Members of the commission denounced the violence, and expressed some frustration that more people aren’t calling for an end to it.
Newly appointed Commissioner William Briggs, attending his first commission meeting, repeatedly asked, “Where is the outrage?” — seemingly directing the question toward activists who regularly condemn police and have called for the department’s defunding.

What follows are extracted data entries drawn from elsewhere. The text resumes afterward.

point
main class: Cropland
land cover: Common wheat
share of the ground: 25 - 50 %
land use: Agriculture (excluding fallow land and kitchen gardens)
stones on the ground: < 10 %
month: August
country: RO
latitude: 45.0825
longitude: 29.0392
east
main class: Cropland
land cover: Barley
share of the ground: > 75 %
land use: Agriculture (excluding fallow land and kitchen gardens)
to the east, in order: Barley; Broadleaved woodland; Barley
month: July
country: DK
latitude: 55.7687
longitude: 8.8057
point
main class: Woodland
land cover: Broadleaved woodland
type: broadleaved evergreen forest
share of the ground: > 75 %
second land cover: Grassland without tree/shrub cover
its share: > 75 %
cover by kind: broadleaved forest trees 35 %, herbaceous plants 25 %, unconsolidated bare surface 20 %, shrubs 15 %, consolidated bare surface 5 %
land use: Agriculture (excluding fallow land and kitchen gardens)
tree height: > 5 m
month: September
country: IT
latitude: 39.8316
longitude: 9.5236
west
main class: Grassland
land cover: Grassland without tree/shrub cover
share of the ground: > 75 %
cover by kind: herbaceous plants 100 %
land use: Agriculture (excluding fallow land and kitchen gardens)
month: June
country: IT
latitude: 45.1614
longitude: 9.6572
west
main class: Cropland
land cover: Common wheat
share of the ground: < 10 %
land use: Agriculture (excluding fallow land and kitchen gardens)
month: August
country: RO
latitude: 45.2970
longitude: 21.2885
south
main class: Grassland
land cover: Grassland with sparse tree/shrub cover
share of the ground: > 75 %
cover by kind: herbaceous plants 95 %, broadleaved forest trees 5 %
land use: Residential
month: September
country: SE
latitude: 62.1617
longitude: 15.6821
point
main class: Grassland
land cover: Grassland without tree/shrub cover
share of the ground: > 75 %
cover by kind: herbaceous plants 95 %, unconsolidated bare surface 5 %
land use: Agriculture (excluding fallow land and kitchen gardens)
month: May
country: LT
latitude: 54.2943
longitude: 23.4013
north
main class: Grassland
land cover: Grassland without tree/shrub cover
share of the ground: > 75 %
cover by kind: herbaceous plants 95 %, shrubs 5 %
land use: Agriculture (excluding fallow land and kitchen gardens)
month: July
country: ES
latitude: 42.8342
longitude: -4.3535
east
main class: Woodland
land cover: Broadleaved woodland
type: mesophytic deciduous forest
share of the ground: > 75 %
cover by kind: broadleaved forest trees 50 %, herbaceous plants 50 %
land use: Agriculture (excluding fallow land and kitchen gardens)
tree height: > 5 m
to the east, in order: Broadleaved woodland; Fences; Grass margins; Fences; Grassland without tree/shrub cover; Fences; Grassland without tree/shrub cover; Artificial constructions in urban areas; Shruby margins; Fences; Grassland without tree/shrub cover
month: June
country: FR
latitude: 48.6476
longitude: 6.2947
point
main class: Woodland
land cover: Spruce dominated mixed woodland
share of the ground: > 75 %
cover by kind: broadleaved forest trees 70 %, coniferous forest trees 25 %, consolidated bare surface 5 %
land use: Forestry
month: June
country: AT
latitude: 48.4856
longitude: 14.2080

“Why aren’t they as outraged by the harm that is taking place in our own communities?” Briggs said.
Commissioner Lou Calanche said she was equally concerned, but pushed back on the idea that residents should be expected to lead the charge for change given all the struggles of 2020.
“To ask for them to be outraged? They’re just surviving and hoping that their kids won’t be victims and their kids can graduate and go on to college,” she said.
Calanche also stressed that policing should not be seen as the entire solution. “I really believe that investing in these communities is a public safety strategy,” she said. “It just can’t be law enforcement responding to these issues.”
In addition to police commanders, the commission heard from Anne Tremblay, who directs the Gang Reduction and Youth Development program in Mayor Eric Garcetti’s office and said intervention workers and other community workers have continued their efforts, with grant funding from her office, to interrupt cycles of violence and reduce shootings — work that LAPD officials and commissioners lauded.
Commission President Eileen Decker said “everyone should be outraged with the rising crime numbers,” and that all of the officials involved in the discussion realized that putting an end to the violence would take a group effort — involving more than just the police.
She said she looked forward to the conversation continuing in coming weeks and months.